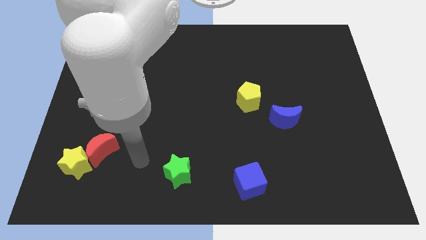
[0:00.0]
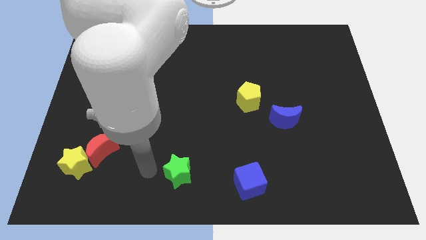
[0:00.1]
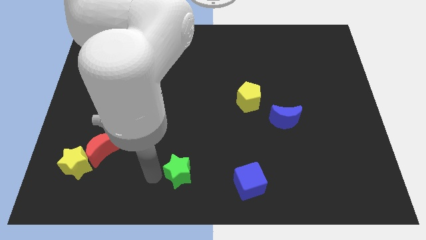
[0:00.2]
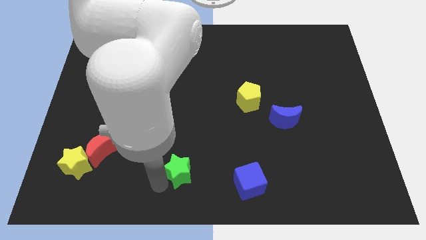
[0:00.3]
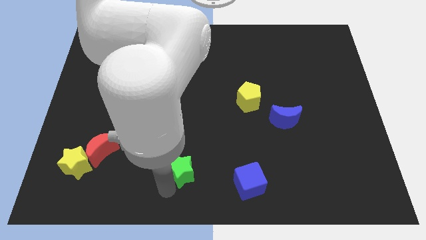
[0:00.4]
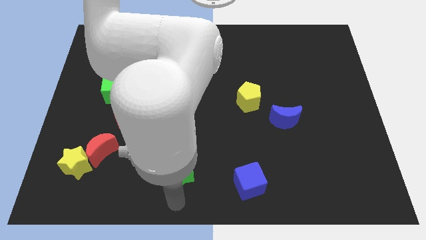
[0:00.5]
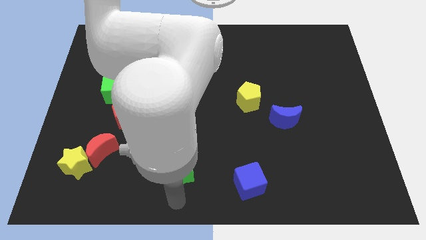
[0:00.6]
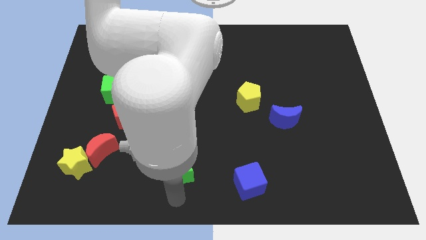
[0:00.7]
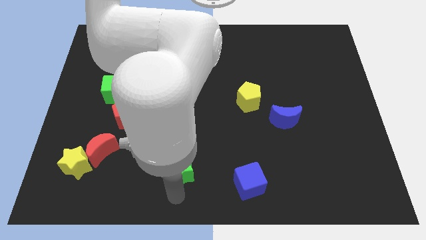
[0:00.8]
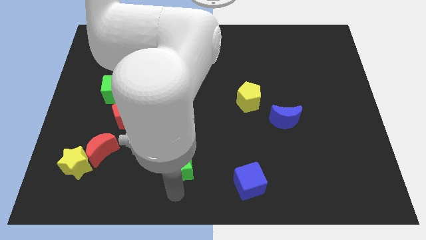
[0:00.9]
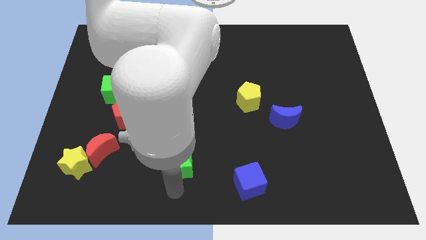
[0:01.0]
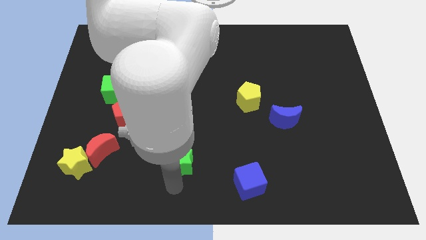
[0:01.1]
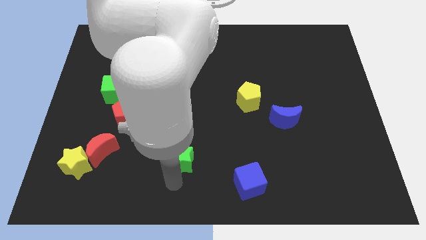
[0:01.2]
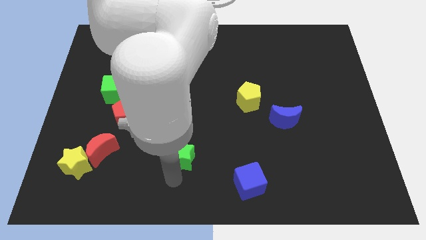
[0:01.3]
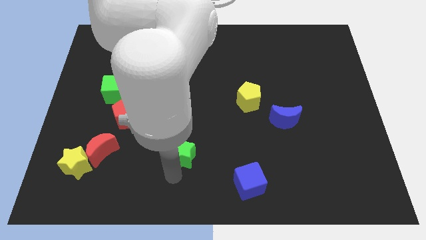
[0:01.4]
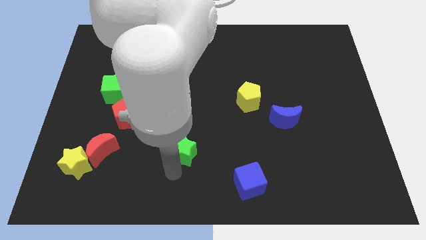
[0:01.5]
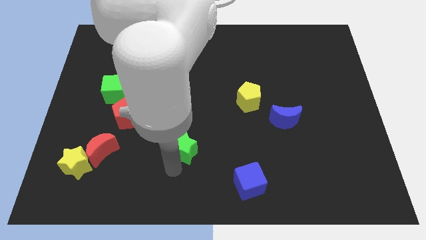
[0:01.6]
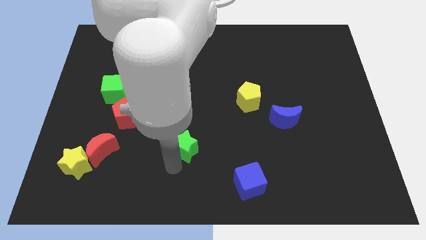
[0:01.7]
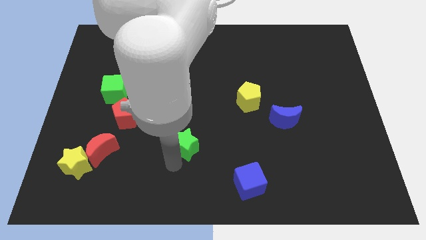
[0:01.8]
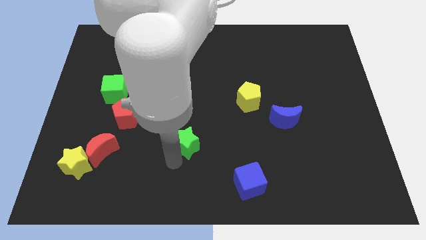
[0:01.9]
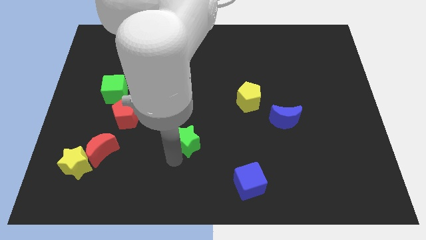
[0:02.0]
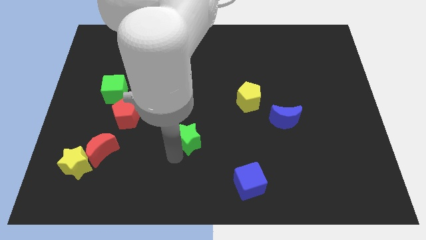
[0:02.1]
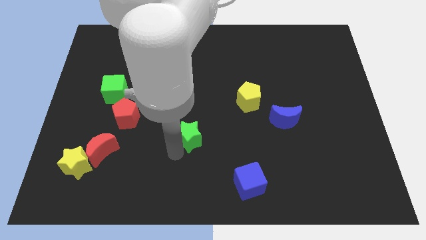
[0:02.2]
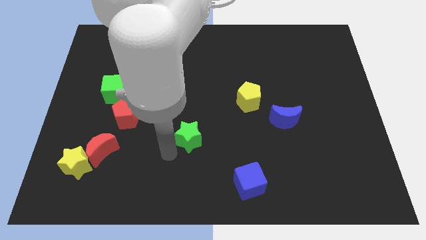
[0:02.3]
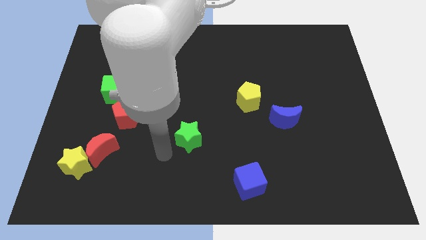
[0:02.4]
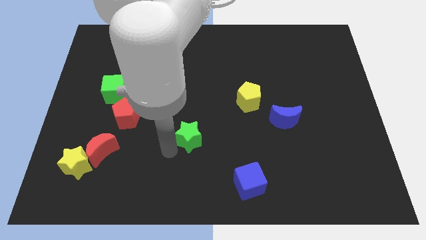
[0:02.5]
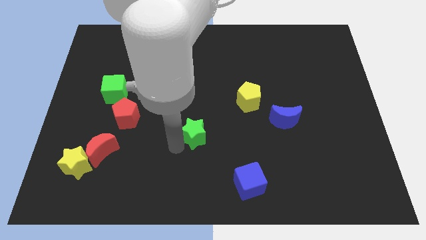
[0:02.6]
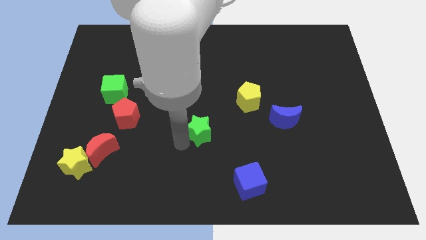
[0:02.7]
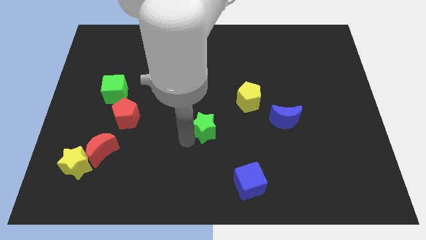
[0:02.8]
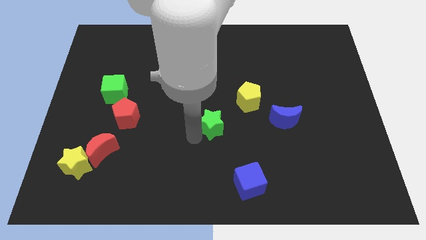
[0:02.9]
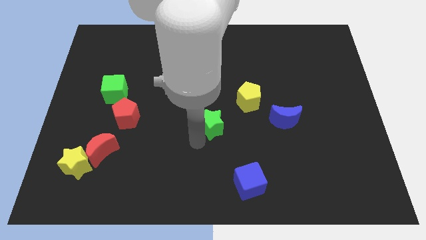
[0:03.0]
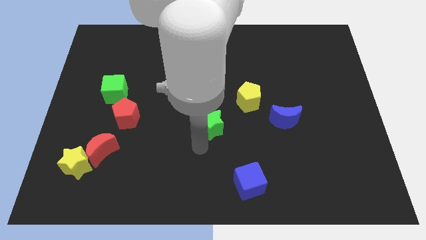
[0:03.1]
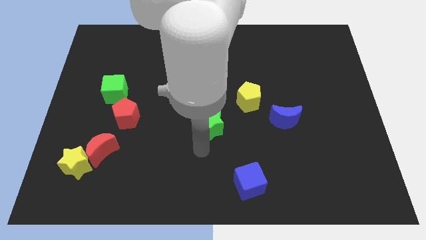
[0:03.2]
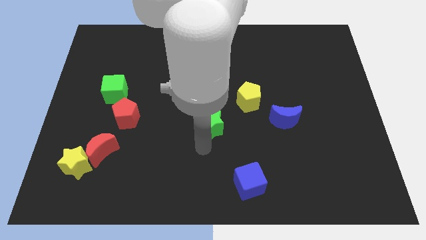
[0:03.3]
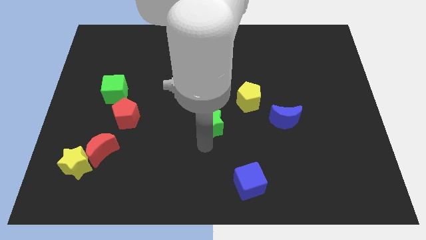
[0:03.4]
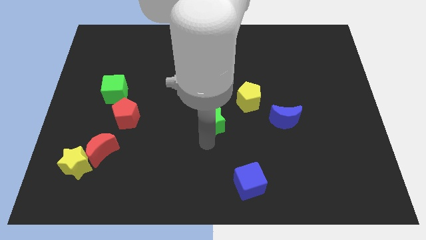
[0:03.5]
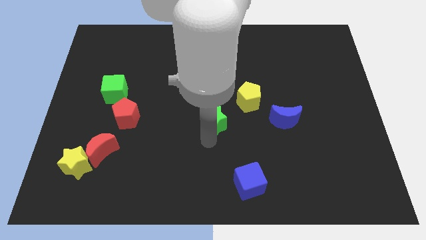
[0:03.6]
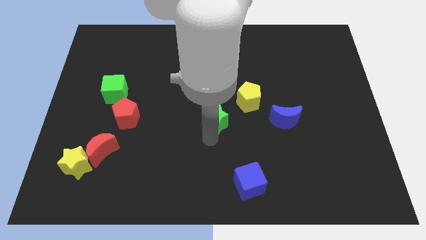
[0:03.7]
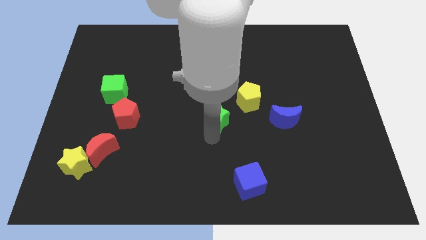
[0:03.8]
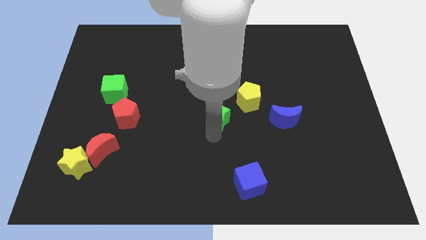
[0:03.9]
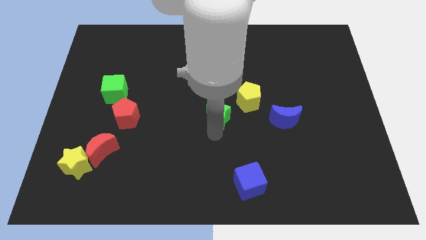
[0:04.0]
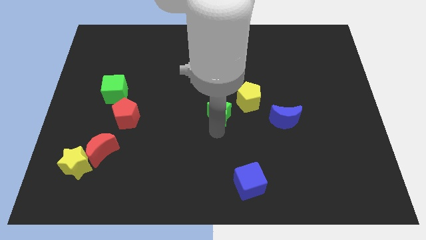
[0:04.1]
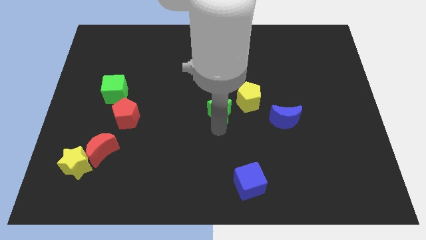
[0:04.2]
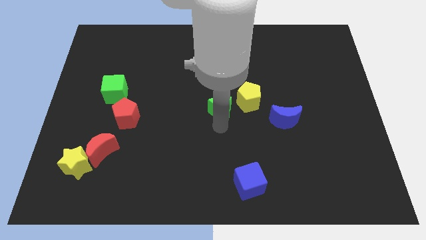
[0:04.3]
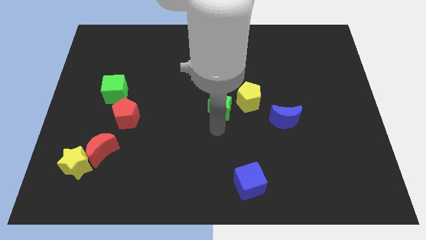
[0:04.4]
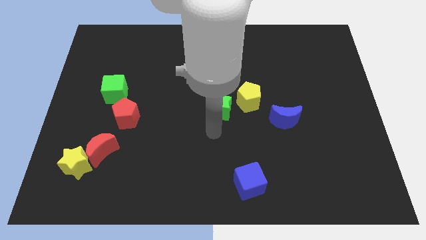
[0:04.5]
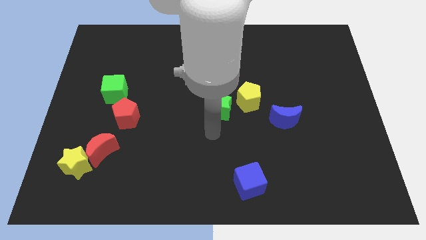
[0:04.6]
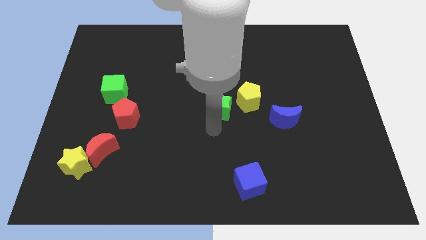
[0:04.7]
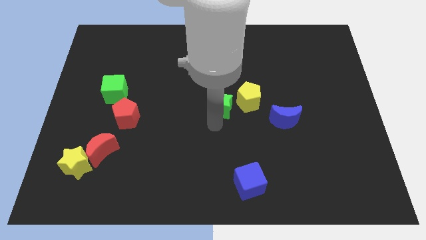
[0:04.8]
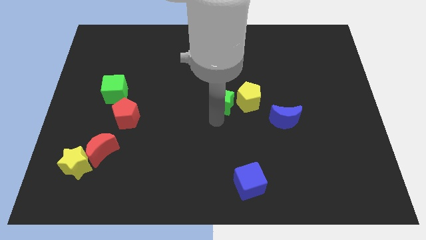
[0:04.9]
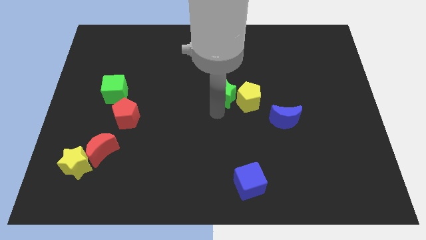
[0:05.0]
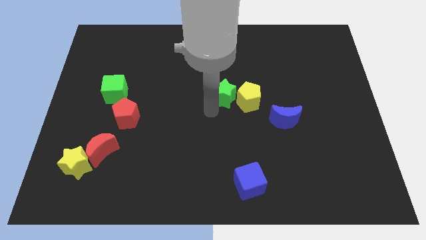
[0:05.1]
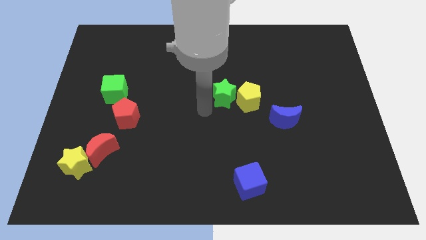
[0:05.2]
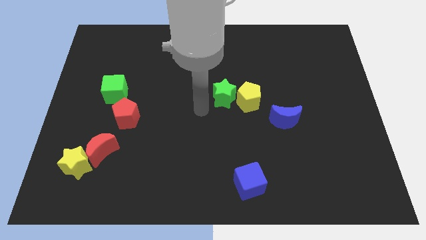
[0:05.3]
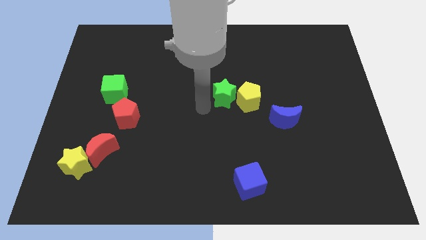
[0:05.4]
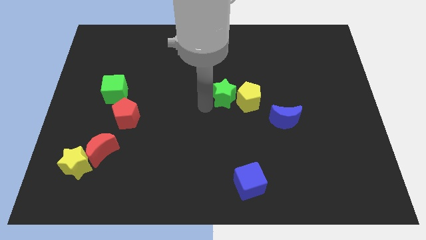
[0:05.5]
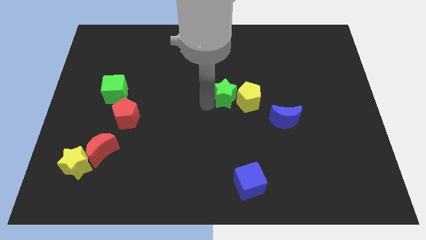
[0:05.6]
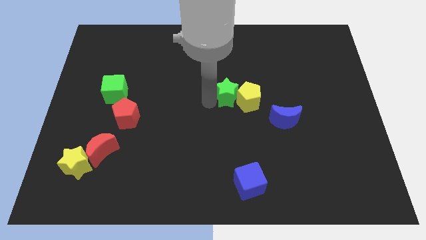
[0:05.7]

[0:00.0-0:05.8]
move the green star up and then right

-----

▶ [Task directions]: Return each entry exactly as it stands above, apart from any images.

▶ [Answer to the problem]:
[0:00.0]
[0:00.1]
[0:00.2]
[0:00.3]
[0:00.4]
[0:00.5]
[0:00.6]
[0:00.7]
[0:00.8]
[0:00.9]
[0:01.0]
[0:01.1]
[0:01.2]
[0:01.3]
[0:01.4]
[0:01.5]
[0:01.6]
[0:01.7]
[0:01.8]
[0:01.9]
[0:02.0]
[0:02.1]
[0:02.2]
[0:02.3]
[0:02.4]
[0:02.5]
[0:02.6]
[0:02.7]
[0:02.8]
[0:02.9]
[0:03.0]
[0:03.1]
[0:03.2]
[0:03.3]
[0:03.4]
[0:03.5]
[0:03.6]
[0:03.7]
[0:03.8]
[0:03.9]
[0:04.0]
[0:04.1]
[0:04.2]
[0:04.3]
[0:04.4]
[0:04.5]
[0:04.6]
[0:04.7]
[0:04.8]
[0:04.9]
[0:05.0]
[0:05.1]
[0:05.2]
[0:05.3]
[0:05.4]
[0:05.5]
[0:05.6]
[0:05.7]

[0:00.0-0:05.8]
move the green star up and then right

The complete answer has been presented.